Друг, возлежащий на раскладушке в позе патриция, вещал из своего угла о пресловутой дивизии СС «Дирлевангер», состоявшей, по его словам, сплошь из маньяков и убийц.

Рассказчиком, нужно признать, Андрюха был неплохим, и, делая голосом в нужных местах акценты, то беря высокую тональность, то опускаясь почти до шёпота, он приковал к себе внимание молодых ребят, расположившихся неподалёку и слушавших его, открыв рты.

Лёха Зацепин, всё время нервно ёрзавший на спальнике, то и дело с недоверием переспрашивал рассказчика, перебивая его в самых душераздирающих местах. Но, получив снисходительный ответ, затихал и лишь сопел, внимая Андрею Прекрасноволосому. Так в шутку иногда величал себя Друг, чей череп был абсолютно свободен от волос и поблёскивал свежевыбритой кожей от неяркого света фонаря, закреплённого под сводом палатки.

И тут, потянувшись за выпавшим с доски от неловкого броска кубиком, я заметил, как Курт, воровато оглянувшись, нырнул в палатку с припасами, где помимо прочего хранилось и спиртное. Через минуту в створе палаточного входа появилась сначала довольная физиономия, а затем под холодные струи дождя выбрался и сам почитатель бога Диониса. Поправил на голове сползший капюшон дождевика и, что-то жуя, направился под навес колоть дрова.

– Вот, зараза, третий раз туда уже ныряет, – в сердцах сплюнул я. И уже Ершову:

– Саня, предлагаю повесить капитана Курашова.

Ничего не подозревающий о печальной перспективе Сергей когда-то украшал собою ряды городской милиции и покинул её в звании капитана. Прямо как ДАртаньян в «Двадцать лет спустя».

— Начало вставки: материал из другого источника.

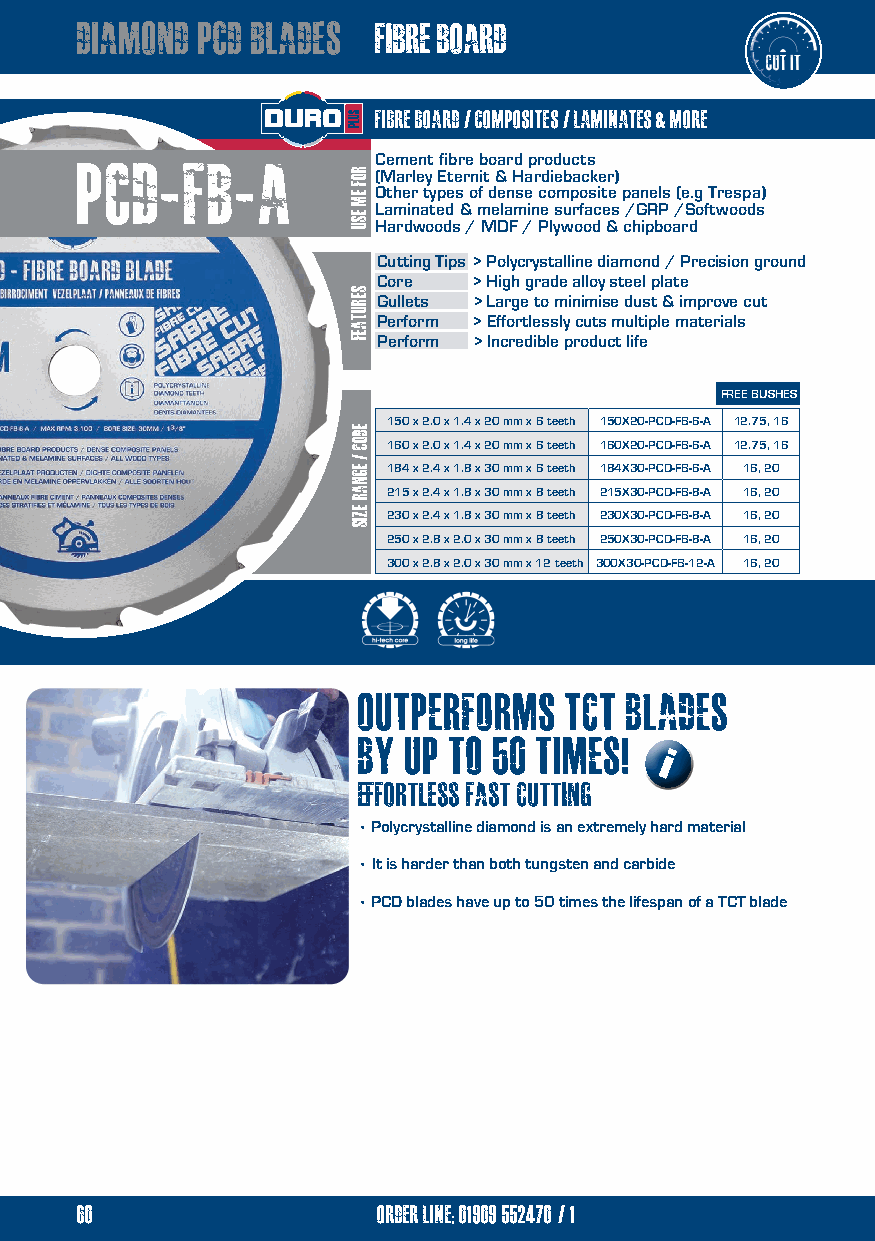
diamond pcd blades  fibre board
 fibre board / composites / laminates & more
 pcd-fb-a            Cement fibre board products
 (Marley Eternit & Hardiebacker)
 Other types of dense composite panels (e.g Trespa)
 Laminated & melamine surfaces /GRP /Softwoods
 Hardwoods / MDF / Plywood & chipboard
 Cutting Tips > Polycrystalline diamond / Precision ground
 Core  > High grade alloy steel plate
 Gullets > Large to minimise dust & improve cut
 Perform > Effortlessly cuts multiple materials
 Perform > Incredible product life
 FREE BUSHES
 150 x 2.0 x 1.4 x 20 mm x 6 teeth 150X20-PCD-FB-6-A 12.75, 16
 160 x 2.0 x 1.4 x 20 mm x 6 teeth 160X20-PCD-FB-6-A 12.75, 16
 184 x 2.4 x 1.8 x 30 mm x 6 teeth 184X30-PCD-FB-6-A 16, 20
 215 x 2.4 x 1.8 x 30 mm x 8 teeth 215X30-PCD-FB-8-A 16, 20
 230 x 2.4 x 1.8 x 30 mm x 8 teeth 230X30-PCD-FB-8-A 16, 20
 250 x 2.8 x 2.0 x 30 mm x 8 teeth 250X30-PCD-FB-8-A 16, 20
 300 x 2.8 x 2.0 x 30 mm x 12 teeth 300X30-PCD-FB-12-A 16, 20
 outperforms  tct blades
 by up to 50 TIMES!
 i
 effortless fast cutting
 • Polycrystalline diamond is an extremely hard material
 • It is harder than both tungsten and carbide
 • PCD blades have up to 50 times the lifespan of a TCT blade
 60                  order line; 01909 552470/1
 12                  order line: 01909 552470
 RROOFF
 E EMM
 E ESSUU
 serutaef
 eDOC
 /
 egnar
 ezis

– Согласен, – машинально ответил Ёрш, который, не размениваясь на всякие забавы, сосредоточенно вглядывался в экран планшета, изучая трофейные аэрофотоснимки этой местности. Тут же его лицо стало приобретать осмысленное выражение, и он, поняв, что только что утвердил приговор несчастному Курту, оторвался от монитора и ошарашенно посмотрел на меня.

– А за что? – выдавил он из себя.

– Ибо пьёт, собака, – зевнул я и заорал в раскрытый полог:

– Куртик, сынок, иди-ка сюда.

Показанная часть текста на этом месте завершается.